→ **About this task**: Across the whole listing, filter for the string "FCFDFD" and copy every line that has it.

→ **Data for analysis**:
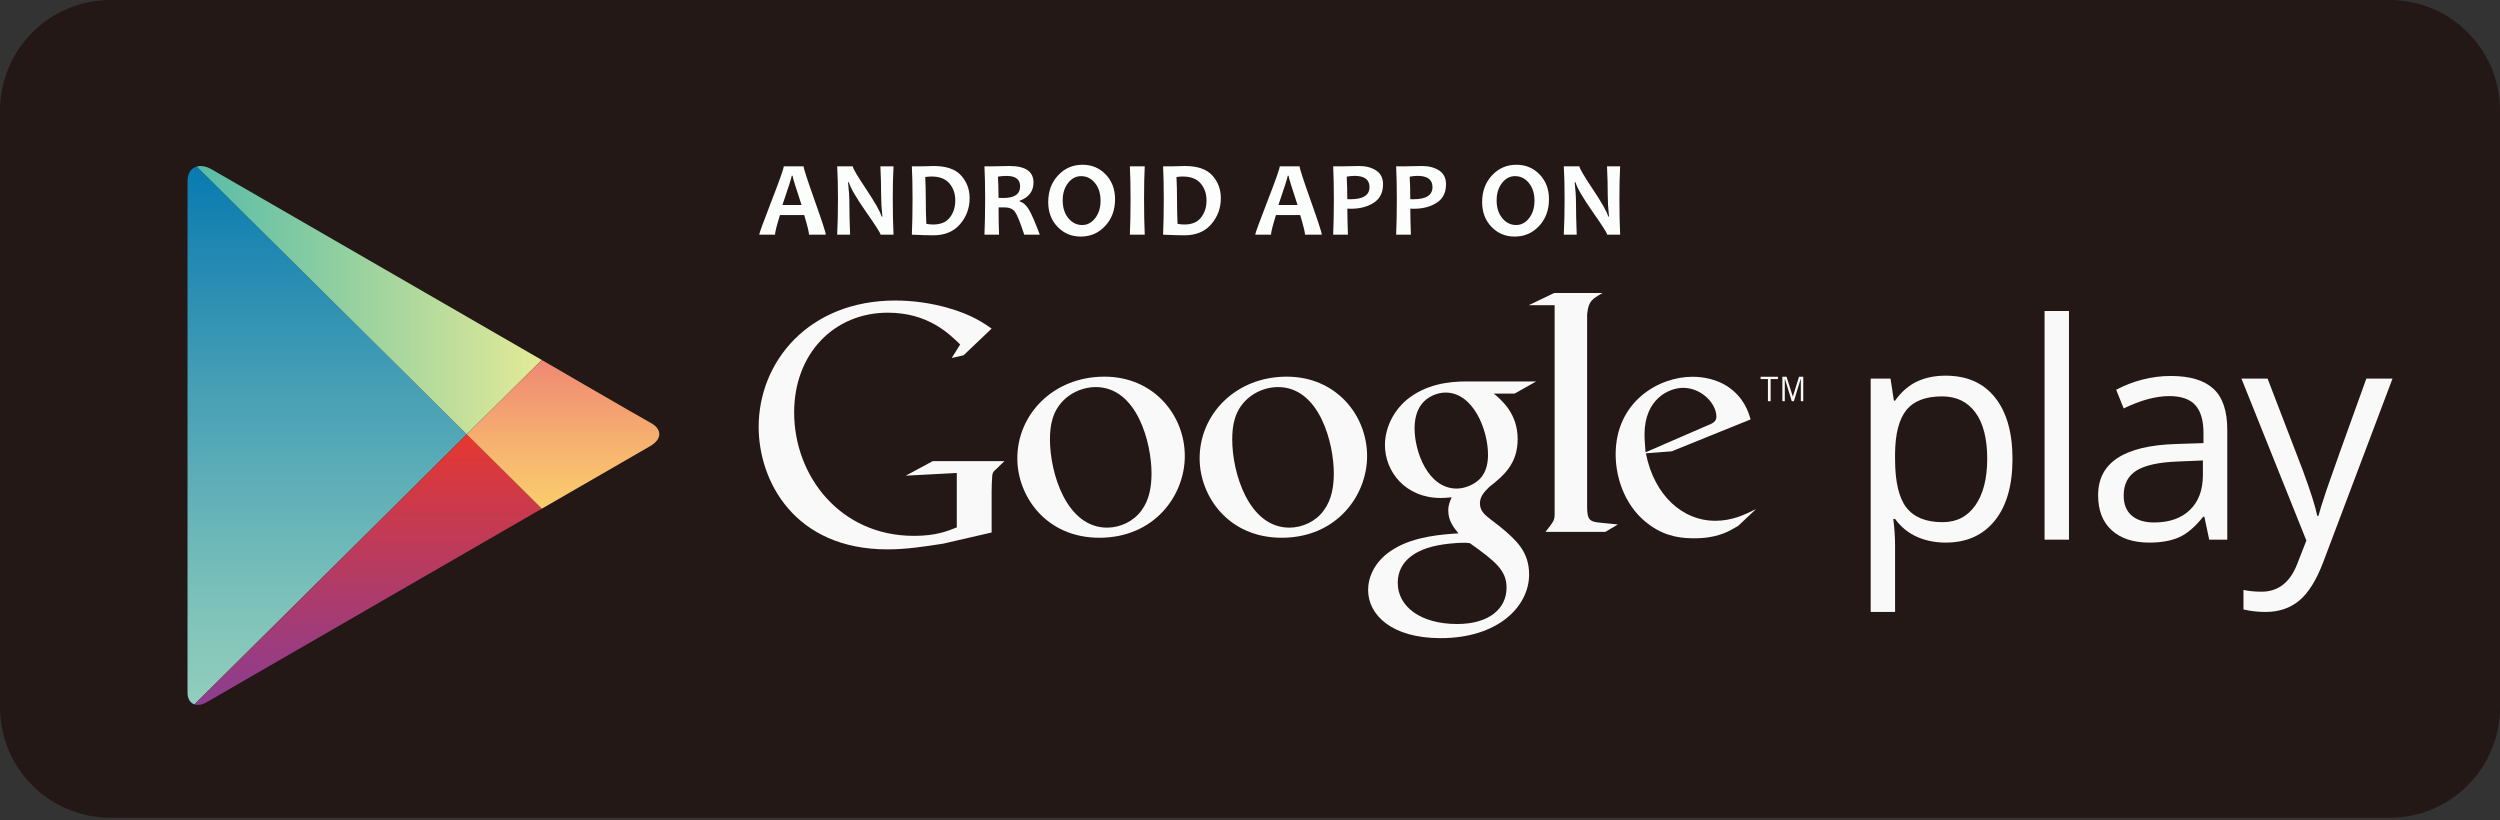 <?xml version="1.0" encoding="utf-8"?>
<!-- Generator: Adobe Illustrator 15.0.0, SVG Export Plug-In  -->
<!DOCTYPE svg PUBLIC "-//W3C//DTD SVG 1.1//EN" "http://www.w3.org/Graphics/SVG/1.1/DTD/svg11.dtd">
<svg version="1.1"
	 xmlns="http://www.w3.org/2000/svg" xmlns:xlink="http://www.w3.org/1999/xlink" xmlns:a="http://ns.adobe.com/AdobeSVGViewerExtensions/3.0/"
	 x="0px" y="0px" width="500px" height="164px" viewBox="0 0 500 164" enable-background="new 0 0 500 164" xml:space="preserve">
<rect x="0" y="0" width="500" height="164" fill="#333333" stroke="none"/>
<defs>
</defs>
<path fill="#231815" d="M500,141.452c0,12.206-9.894,22.104-22.098,22.104H22.103C9.897,163.556,0,153.658,0,141.452V22.103
	C0,9.898,9.897,0,22.103,0h455.799C490.106,0,500,9.898,500,22.103V141.452z"/>
<g id="PLAY_2_">
	<defs>
		<path id="SVGID_1_" d="M108.356,71.994L85.811,58.977c0,0-41.072-23.716-43.487-25.11c-2.415-1.394-4.82-0.55-4.82,2.364
			c0,4.854,0,50.637,0,50.637s0,49.479,0,51.665c0,2.184,1.72,3.125,3.817,1.915c2.097-1.213,44.49-25.689,44.49-25.689
			l22.544-13.016c0,0,19.129-11.044,21.671-12.511c2.543-1.47,2.298-3.483,0.153-4.639
			C128.034,83.437,108.356,71.994,108.356,71.994z"/>
	</defs>
	<clipPath id="SVGID_2_">
		<use xlink:href="#SVGID_1_"  overflow="visible"/>
	</clipPath>
	<linearGradient id="SVGID_3_" gradientUnits="userSpaceOnUse" x1="65.43" y1="31.488" x2="65.43" y2="142.248">
		<stop  offset="0" style="stop-color:#0678B0"/>
		<stop  offset="0.412" style="stop-color:#469FB5"/>
		<stop  offset="0.809" style="stop-color:#7DC2BA"/>
		<stop  offset="1" style="stop-color:#93CFBC"/>
	</linearGradient>
	<polygon clip-path="url(#SVGID_2_)" fill="url(#SVGID_3_)" points="37.504,31.488 37.504,86.868 37.504,142.248 93.355,86.869 	"/>
	<linearGradient id="SVGID_4_" gradientUnits="userSpaceOnUse" x1="37.504" y1="58.977" x2="108.356" y2="58.977">
		<stop  offset="0" style="stop-color:#53BBA8"/>
		<stop  offset="1" style="stop-color:#E4EA97"/>
	</linearGradient>
	<polygon clip-path="url(#SVGID_2_)" fill="url(#SVGID_4_)" points="108.356,71.994 85.811,58.977 37.504,31.085 37.504,31.488 
		93.355,86.869 	"/>
	<linearGradient id="SVGID_5_" gradientUnits="userSpaceOnUse" x1="72.93" y1="86.869" x2="72.93" y2="142.651">
		<stop  offset="0" style="stop-color:#E6382F"/>
		<stop  offset="0.201" style="stop-color:#D13945"/>
		<stop  offset="0.739" style="stop-color:#9E3C7C"/>
		<stop  offset="1" style="stop-color:#8A3D92"/>
	</linearGradient>
	<polygon clip-path="url(#SVGID_2_)" fill="url(#SVGID_5_)" points="37.504,142.248 37.504,142.651 85.811,114.758 108.355,101.743 
		93.355,86.869 	"/>
	<linearGradient id="SVGID_6_" gradientUnits="userSpaceOnUse" x1="113.738" y1="71.994" x2="113.738" y2="101.743">
		<stop  offset="0" style="stop-color:#EF8874"/>
		<stop  offset="0.642" style="stop-color:#F7B76F"/>
		<stop  offset="1" style="stop-color:#FACD6D"/>
	</linearGradient>
	<polygon clip-path="url(#SVGID_2_)" fill="url(#SVGID_6_)" points="108.356,71.994 93.355,86.869 108.355,101.743 134.121,86.868 	
		"/>
</g>
<path fill="#F9F9F9" d="M389.124,108.519c-2.098,0-4.013-0.387-5.745-1.159c-1.733-0.774-3.189-1.965-4.365-3.571h-0.353
	c0.235,1.881,0.353,3.664,0.353,5.349v13.254h-4.877v-46.67h3.967l0.675,4.409h0.235c1.255-1.765,2.716-3.037,4.381-3.821
	s3.576-1.176,5.729-1.176c4.272,0,7.569,1.461,9.891,4.38s3.483,7.014,3.483,12.284c0,5.291-1.182,9.399-3.54,12.332
	C396.595,107.056,393.318,108.519,389.124,108.519z M388.419,79.277c-3.292,0-5.672,0.912-7.141,2.733
	c-1.47,1.823-2.225,4.723-2.265,8.701v1.086c0,4.527,0.755,7.766,2.265,9.715c1.509,1.949,3.929,2.923,7.258,2.923
	c2.783,0,4.964-1.125,6.542-3.378c1.576-2.252,2.364-5.358,2.364-9.318c0-4.016-0.788-7.098-2.364-9.243
	C393.5,80.349,391.279,79.277,388.419,79.277z"/>
<path fill="#F9F9F9" d="M413.793,107.931h-4.878v-45.73h4.878V107.931z"/>
<path fill="#F9F9F9" d="M441.842,107.931l-0.972-4.585h-0.234c-1.606,2.02-3.209,3.387-4.806,4.101
	c-1.596,0.717-3.591,1.072-5.979,1.072c-3.193,0-5.697-0.822-7.51-2.469c-1.813-1.646-2.719-3.985-2.719-7.023
	c0-6.504,5.203-9.912,15.605-10.228l5.469-0.177v-1.998c0-2.527-0.545-4.396-1.633-5.598c-1.087-1.207-2.828-1.808-5.216-1.808
	c-2.686,0-5.724,0.823-9.111,2.469l-1.5-3.732c1.589-0.862,3.326-1.538,5.218-2.028c1.891-0.49,3.785-0.735,5.688-0.735
	c3.839,0,6.685,0.852,8.538,2.557c1.85,1.705,2.776,4.438,2.776,8.2v21.982H441.842z M430.821,104.494
	c3.035,0,5.42-0.832,7.155-2.497c1.733-1.665,2.602-3.997,2.602-6.997v-2.908l-4.881,0.204c-3.879,0.139-6.674,0.739-8.391,1.81
	c-1.713,1.067-2.57,2.729-2.57,4.981c0,1.763,0.532,3.105,1.602,4.024C427.406,104.034,428.898,104.494,430.821,104.494z"/>
<path fill="#F9F9F9" d="M448.288,75.721h5.229l7.054,18.37c1.548,4.193,2.509,7.22,2.882,9.082h0.235
	c0.255-1.001,0.789-2.709,1.601-5.131c0.813-2.42,3.475-9.859,7.979-22.321h5.233l-13.845,36.678
	c-1.371,3.625-2.973,6.196-4.807,7.718c-1.831,1.517-4.08,2.274-6.742,2.274c-1.49,0-2.96-0.166-4.411-0.498v-3.908
	c1.077,0.234,2.284,0.353,3.616,0.353c3.352,0,5.739-1.88,7.172-5.644l1.792-4.584L448.288,75.721z"/>
<path fill="#F9F9F9" d="M298.75,78.713c1.548,1.281,4.781,3.975,4.781,9.097c0,4.982-2.829,7.346-5.66,9.565
	c-0.876,0.875-1.886,1.821-1.886,3.306c0,1.479,1.01,2.288,1.754,2.896l2.427,1.882c2.964,2.494,5.656,4.786,5.656,9.437
	c0,6.333-6.132,12.731-17.718,12.731c-9.771,0-14.484-4.647-14.484-9.636c0-2.425,1.207-5.859,5.188-8.22
	c4.174-2.561,9.837-2.894,12.867-3.101c-0.946-1.212-2.021-2.492-2.021-4.577c0-1.144,0.338-1.818,0.674-2.631
	c-0.744,0.069-1.483,0.136-2.158,0.136c-7.14,0-11.182-5.323-11.182-10.575c0-3.1,1.416-6.538,4.31-9.028
	c3.842-3.167,8.423-3.707,12.064-3.707h13.875l-4.312,2.426H298.75z M293.965,108.629c-0.538-0.071-0.877-0.071-1.547-0.071
	c-0.606,0-4.249,0.138-7.076,1.084c-1.481,0.534-5.795,2.151-5.795,6.938c0,4.78,4.651,8.222,11.86,8.222
	c6.464,0,9.904-3.104,9.904-7.278C301.312,114.081,299.087,112.268,293.965,108.629z M295.92,95.827
	c1.548-1.552,1.681-3.705,1.681-4.92c0-4.85-2.896-12.395-8.486-12.395c-1.753,0-3.638,0.874-4.717,2.224
	c-1.144,1.415-1.483,3.232-1.483,4.985c0,4.514,2.628,11.992,8.425,11.992C293.023,97.713,294.838,96.905,295.92,95.827z"/>
<path fill="#F9F9F9" d="M256.335,107.55c-10.694,0-16.411-8.342-16.411-15.877c0-8.812,7.196-16.342,17.424-16.342
	c9.884,0,16.072,7.733,16.072,15.874C273.42,99.139,267.302,107.55,256.335,107.55z M264.741,102.103
	c1.617-2.154,2.021-4.844,2.021-7.469c0-5.921-2.825-17.22-11.167-17.22c-2.218,0-4.438,0.876-6.052,2.292
	c-2.623,2.351-3.097,5.312-3.097,8.208c0,6.653,3.296,17.615,11.438,17.615C260.507,105.529,263.198,104.253,264.741,102.103z"/>
<path fill="#F9F9F9" d="M219.877,107.55c-10.696,0-16.414-8.342-16.414-15.877c0-8.812,7.199-16.342,17.424-16.342
	c9.886,0,16.074,7.733,16.074,15.874C236.961,99.139,230.842,107.55,219.877,107.55z M228.286,102.103
	c1.614-2.154,2.019-4.844,2.019-7.469c0-5.921-2.827-17.22-11.168-17.22c-2.217,0-4.439,0.876-6.052,2.292
	c-2.624,2.351-3.094,5.312-3.094,8.208c0,6.653,3.294,17.615,11.437,17.615C224.05,105.529,226.739,104.253,228.286,102.103z"/>
<path fill="#F9F9F9" d="M198.325,106.497l-9.671,2.231c-3.924,0.61-7.44,1.146-11.157,1.146c-18.667,0-25.765-13.729-25.765-24.481
	c0-13.118,10.074-25.288,27.322-25.288c3.653,0,7.167,0.54,10.345,1.419c5.072,1.421,7.438,3.177,8.927,4.193l-5.615,5.342
	l-2.366,0.539l1.691-2.706c-2.298-2.23-6.495-6.354-14.472-6.354c-10.686,0-18.734,8.118-18.734,19.952
	c0,12.71,9.199,24.681,23.938,24.681c4.333,0,6.56-0.878,8.59-1.691V94.594l-10.209,0.54l5.407-2.911h14.338l-1.756,1.69
	c-0.477,0.407-0.542,0.544-0.678,1.08c-0.07,0.61-0.134,2.573-0.134,3.249V106.497z"/>
<path fill="#F9F9F9" d="M320.124,104.549c-2.232-0.204-2.699-0.607-2.699-3.248v-0.745v-37.53c0.013-0.146,0.022-0.295,0.036-0.437
	c0.273-2.365,0.948-2.771,3.047-3.99h-9.674l-5.074,2.435h5.17v0.031l-0.003-0.025v39.516v2.234c0,1.35-0.268,1.555-1.825,3.582
	h11.972l2.502-1.483C322.427,104.75,321.275,104.683,320.124,104.549z"/>
<path fill="#F9F9F9" d="M347.642,105.17c-0.735,0.404-1.475,0.876-2.211,1.21c-2.22,1.007-4.503,1.276-6.521,1.276
	c-2.145,0-5.505-0.139-8.933-2.621c-4.765-3.36-6.847-9.136-6.847-14.172c0-10.408,8.462-15.512,15.379-15.512
	c2.418,0,4.906,0.604,6.921,1.882c3.354,2.212,4.229,5.1,4.695,6.646l-15.778,6.383l-5.172,0.402
	c1.676,8.529,7.451,13.495,13.834,13.495c3.425,0,5.91-1.207,8.193-2.347L347.642,105.17z M341.332,85.155
	c1.273-0.469,1.945-0.873,1.945-1.813c0-2.684-3.021-5.775-6.65-5.775c-2.688,0-7.723,2.083-7.723,9.335
	c0,1.142,0.135,2.35,0.204,3.563L341.332,85.155z"/>
<path fill="#F9F9F9" d="M354.125,75.812v4.431h-0.538v-4.431h-1.467v-0.459h3.47v0.459H354.125z"/>
<path fill="#F9F9F9" d="M360.166,80.243V75.77h-0.025l-1.364,4.473h-0.422l-1.376-4.473h-0.018v4.473h-0.488v-4.891h0.838
	l1.246,3.953h0.017l1.228-3.953h0.85v4.891H360.166z"/>
<path fill="#FCFDFD" d="M165.162,46.937h-3.36c0-0.462-0.319-1.771-0.956-3.927h-4.852c-0.658,2.121-0.987,3.43-0.987,3.927h-3.161
	c0-0.273,0.817-2.514,2.452-6.721c1.634-4.207,2.452-6.525,2.452-6.952h3.969c0,0.399,0.74,2.683,2.221,6.852
	C164.422,44.285,165.162,46.559,165.162,46.937z M160.311,41.004c-1.197-3.612-1.795-5.565-1.795-5.859h-0.168
	c0,0.273-0.62,2.226-1.859,5.859H160.311z"/>
<path fill="#FCFDFD" d="M178.703,46.937h-2.594c0-0.287-0.963-1.802-2.888-4.547c-2.016-2.892-3.165-4.869-3.444-5.933h-0.168
	c0.175,1.533,0.263,2.919,0.263,4.159c0,1.729,0.049,3.836,0.147,6.321h-2.583c0.105-2.17,0.158-4.554,0.158-7.151
	c0-2.556-0.053-4.729-0.158-6.521h3.119c0,0.372,0.864,1.852,2.594,4.442c1.841,2.751,2.898,4.617,3.171,5.597h0.157
	c-0.168-1.561-0.252-2.961-0.252-4.2c0-1.897-0.049-3.844-0.147-5.839h2.625c-0.099,1.737-0.147,3.91-0.147,6.521
	C178.556,42.418,178.604,44.802,178.703,46.937z"/>
<path fill="#FCFDFD" d="M193.923,39.628c0,1.988-0.637,3.724-1.911,5.208c-1.274,1.484-3.06,2.226-5.355,2.226
	c-1.037,0-2.465-0.042-4.285-0.126c0.091-2.114,0.137-4.498,0.137-7.151c0-2.548-0.046-4.722-0.137-6.521h1.838
	c0.3,0,0.749-0.01,1.344-0.031c0.595-0.021,0.983-0.032,1.166-0.032c2.527,0,4.359,0.63,5.497,1.89
	C193.354,36.352,193.923,37.864,193.923,39.628z M191.057,40.08c0-1.344-0.393-2.477-1.176-3.398c-0.784-0.92-1.981-1.38-3.591-1.38
	c-0.301,0-0.714,0.032-1.239,0.095c0.07,1.4,0.105,2.863,0.105,4.39c0,1.673,0.035,3.333,0.105,4.977
	c0.455,0.091,0.91,0.137,1.365,0.137c1.505,0,2.62-0.468,3.345-1.402S191.057,41.424,191.057,40.08z"/>
<path fill="#FCFDFD" d="M207.958,46.937h-3.108c-0.813-2.478-1.435-4.007-1.869-4.589c-0.435-0.582-1.134-0.872-2.1-0.872
	c-0.406,0-0.795,0.004-1.166,0.011c0,1.799,0.031,3.616,0.094,5.45h-2.919c0.091-2.114,0.137-4.498,0.137-7.151
	c0-2.548-0.046-4.722-0.137-6.521h1.817c0.21,0,0.649-0.01,1.318-0.031c0.668-0.021,1.287-0.032,1.854-0.032
	c3.213,0,4.82,1.099,4.82,3.297c0,1.743-0.917,2.958-2.751,3.644V40.3c0.707,0.196,1.326,0.748,1.858,1.654
	C206.336,42.861,207.054,44.522,207.958,46.937z M204.02,37.276c0-1.393-0.896-2.09-2.688-2.09c-0.658,0-1.239,0.049-1.743,0.147
	c0.077,1.085,0.116,2.499,0.116,4.242c0.385,0.015,0.71,0.021,0.977,0.021C202.906,39.597,204.02,38.824,204.02,37.276z"/>
<path fill="#FCFDFD" d="M223.01,39.849c0,2.149-0.658,3.931-1.974,5.345c-1.316,1.414-2.944,2.121-4.883,2.121
	c-1.849,0-3.396-0.649-4.642-1.948c-1.247-1.298-1.869-2.949-1.869-4.951c0-2.149,0.658-3.931,1.974-5.345
	c1.316-1.414,2.943-2.121,4.883-2.121c1.848,0,3.396,0.647,4.642,1.943C222.387,36.188,223.01,37.839,223.01,39.849z
	 M220.112,40.153c0-1.463-0.375-2.65-1.124-3.56c-0.75-0.91-1.673-1.365-2.772-1.365c-1.022,0-1.891,0.458-2.604,1.375
	s-1.071,2.076-1.071,3.476c0,1.456,0.376,2.641,1.129,3.554s1.675,1.371,2.767,1.371c1.022,0,1.89-0.46,2.604-1.381
	C219.755,42.703,220.112,41.546,220.112,40.153z"/>
<path fill="#FCFDFD" d="M228.948,46.937h-2.972c0.09-2.17,0.136-4.554,0.136-7.151c0-2.556-0.046-4.729-0.136-6.521h2.972
	c-0.091,1.764-0.137,3.938-0.137,6.521C228.811,42.425,228.856,44.809,228.948,46.937z"/>
<path fill="#FCFDFD" d="M244.168,39.628c0,1.988-0.637,3.724-1.911,5.208c-1.274,1.484-3.06,2.226-5.355,2.226
	c-1.036,0-2.464-0.042-4.285-0.126c0.091-2.114,0.137-4.498,0.137-7.151c0-2.548-0.046-4.722-0.137-6.521h1.838
	c0.301,0,0.749-0.01,1.344-0.031c0.595-0.021,0.983-0.032,1.166-0.032c2.527,0,4.359,0.63,5.497,1.89
	C243.6,36.352,244.168,37.864,244.168,39.628z M241.302,40.08c0-1.344-0.393-2.477-1.176-3.398c-0.784-0.92-1.981-1.38-3.591-1.38
	c-0.301,0-0.714,0.032-1.239,0.095c0.07,1.4,0.105,2.863,0.105,4.39c0,1.673,0.035,3.333,0.105,4.977
	c0.455,0.091,0.91,0.137,1.365,0.137c1.505,0,2.62-0.468,3.345-1.402S241.302,41.424,241.302,40.08z"/>
<path fill="#FCFDFD" d="M264.36,46.937H261c0-0.462-0.318-1.771-0.956-3.927h-4.852c-0.658,2.121-0.987,3.43-0.987,3.927h-3.16
	c0-0.273,0.817-2.514,2.452-6.721c1.634-4.207,2.451-6.525,2.451-6.952h3.97c0,0.399,0.74,2.683,2.222,6.852
	C263.62,44.285,264.36,46.559,264.36,46.937z M259.509,41.004c-1.196-3.612-1.796-5.565-1.796-5.859h-0.168
	c0,0.273-0.619,2.226-1.858,5.859H259.509z"/>
<path fill="#FCFDFD" d="M276.609,36.846c0,1.673-0.621,2.909-1.864,3.707c-1.242,0.798-2.767,1.197-4.572,1.197
	c-0.33,0-0.563-0.006-0.704-0.021c0,1.316,0.038,3.052,0.116,5.208h-2.951c0.091-2.023,0.137-4.406,0.137-7.151
	c0-2.521-0.046-4.694-0.137-6.521h1.827c0.259,0,0.756-0.01,1.491-0.031s1.372-0.032,1.911-0.032c1.33,0,2.453,0.301,3.371,0.903
	C276.151,34.707,276.609,35.621,276.609,36.846z M273.9,37.423c0-1.498-0.994-2.248-2.982-2.248c-0.497,0-1.022,0.053-1.575,0.158
	c0.077,1.323,0.116,2.821,0.116,4.495c0.174,0.014,0.378,0.021,0.608,0.021C272.623,39.849,273.9,39.041,273.9,37.423z"/>
<path fill="#FCFDFD" d="M289.204,36.846c0,1.673-0.621,2.909-1.863,3.707c-1.243,0.798-2.768,1.197-4.573,1.197
	c-0.33,0-0.563-0.006-0.704-0.021c0,1.316,0.038,3.052,0.115,5.208h-2.95c0.091-2.023,0.137-4.406,0.137-7.151
	c0-2.521-0.046-4.694-0.137-6.521h1.827c0.259,0,0.756-0.01,1.491-0.031s1.372-0.032,1.911-0.032c1.33,0,2.453,0.301,3.371,0.903
	C288.746,34.707,289.204,35.621,289.204,36.846z M286.495,37.423c0-1.498-0.994-2.248-2.982-2.248c-0.497,0-1.022,0.053-1.575,0.158
	c0.077,1.323,0.115,2.821,0.115,4.495c0.175,0.014,0.379,0.021,0.609,0.021C285.218,39.849,286.495,39.041,286.495,37.423z"/>
<path fill="#FCFDFD" d="M309.796,39.849c0,2.149-0.657,3.931-1.974,5.345c-1.316,1.414-2.944,2.121-4.884,2.121
	c-1.848,0-3.396-0.649-4.642-1.948c-1.245-1.298-1.869-2.949-1.869-4.951c0-2.149,0.658-3.931,1.975-5.345
	c1.316-1.414,2.944-2.121,4.883-2.121c1.849,0,3.396,0.647,4.642,1.943S309.796,37.839,309.796,39.849z M306.897,40.153
	c0-1.463-0.374-2.65-1.123-3.56c-0.75-0.91-1.674-1.365-2.772-1.365c-1.022,0-1.891,0.458-2.604,1.375s-1.071,2.076-1.071,3.476
	c0,1.456,0.376,2.641,1.13,3.554c0.752,0.914,1.674,1.371,2.767,1.371c1.022,0,1.89-0.46,2.604-1.381
	C306.541,42.703,306.897,41.546,306.897,40.153z"/>
<path fill="#FCFDFD" d="M324.029,46.937h-2.594c0-0.287-0.962-1.802-2.888-4.547c-2.016-2.892-3.164-4.869-3.444-5.933h-0.168
	c0.175,1.533,0.263,2.919,0.263,4.159c0,1.729,0.049,3.836,0.147,6.321h-2.584c0.105-2.17,0.158-4.554,0.158-7.151
	c0-2.556-0.053-4.729-0.158-6.521h3.119c0,0.372,0.865,1.852,2.594,4.442c1.842,2.751,2.898,4.617,3.172,5.597h0.157
	c-0.168-1.561-0.252-2.961-0.252-4.2c0-1.897-0.049-3.844-0.147-5.839h2.625c-0.098,1.737-0.146,3.91-0.146,6.521
	C323.883,42.418,323.932,44.802,324.029,46.937z"/>
</svg>

→ **Written response**:
<path fill="#FCFDFD" d="M165.162,46.937h-3.36c0-0.462-0.319-1.771-0.956-3.927h-4.852c-0.658,2.121-0.987,3.43-0.987,3.927h-3.161
<path fill="#FCFDFD" d="M178.703,46.937h-2.594c0-0.287-0.963-1.802-2.888-4.547c-2.016-2.892-3.165-4.869-3.444-5.933h-0.168
<path fill="#FCFDFD" d="M193.923,39.628c0,1.988-0.637,3.724-1.911,5.208c-1.274,1.484-3.06,2.226-5.355,2.226
<path fill="#FCFDFD" d="M207.958,46.937h-3.108c-0.813-2.478-1.435-4.007-1.869-4.589c-0.435-0.582-1.134-0.872-2.1-0.872
<path fill="#FCFDFD" d="M223.01,39.849c0,2.149-0.658,3.931-1.974,5.345c-1.316,1.414-2.944,2.121-4.883,2.121
<path fill="#FCFDFD" d="M228.948,46.937h-2.972c0.09-2.17,0.136-4.554,0.136-7.151c0-2.556-0.046-4.729-0.136-6.521h2.972
<path fill="#FCFDFD" d="M244.168,39.628c0,1.988-0.637,3.724-1.911,5.208c-1.274,1.484-3.06,2.226-5.355,2.226
<path fill="#FCFDFD" d="M264.36,46.937H261c0-0.462-0.318-1.771-0.956-3.927h-4.852c-0.658,2.121-0.987,3.43-0.987,3.927h-3.16
<path fill="#FCFDFD" d="M276.609,36.846c0,1.673-0.621,2.909-1.864,3.707c-1.242,0.798-2.767,1.197-4.572,1.197
<path fill="#FCFDFD" d="M289.204,36.846c0,1.673-0.621,2.909-1.863,3.707c-1.243,0.798-2.768,1.197-4.573,1.197
<path fill="#FCFDFD" d="M309.796,39.849c0,2.149-0.657,3.931-1.974,5.345c-1.316,1.414-2.944,2.121-4.884,2.121
<path fill="#FCFDFD" d="M324.029,46.937h-2.594c0-0.287-0.962-1.802-2.888-4.547c-2.016-2.892-3.164-4.869-3.444-5.933h-0.168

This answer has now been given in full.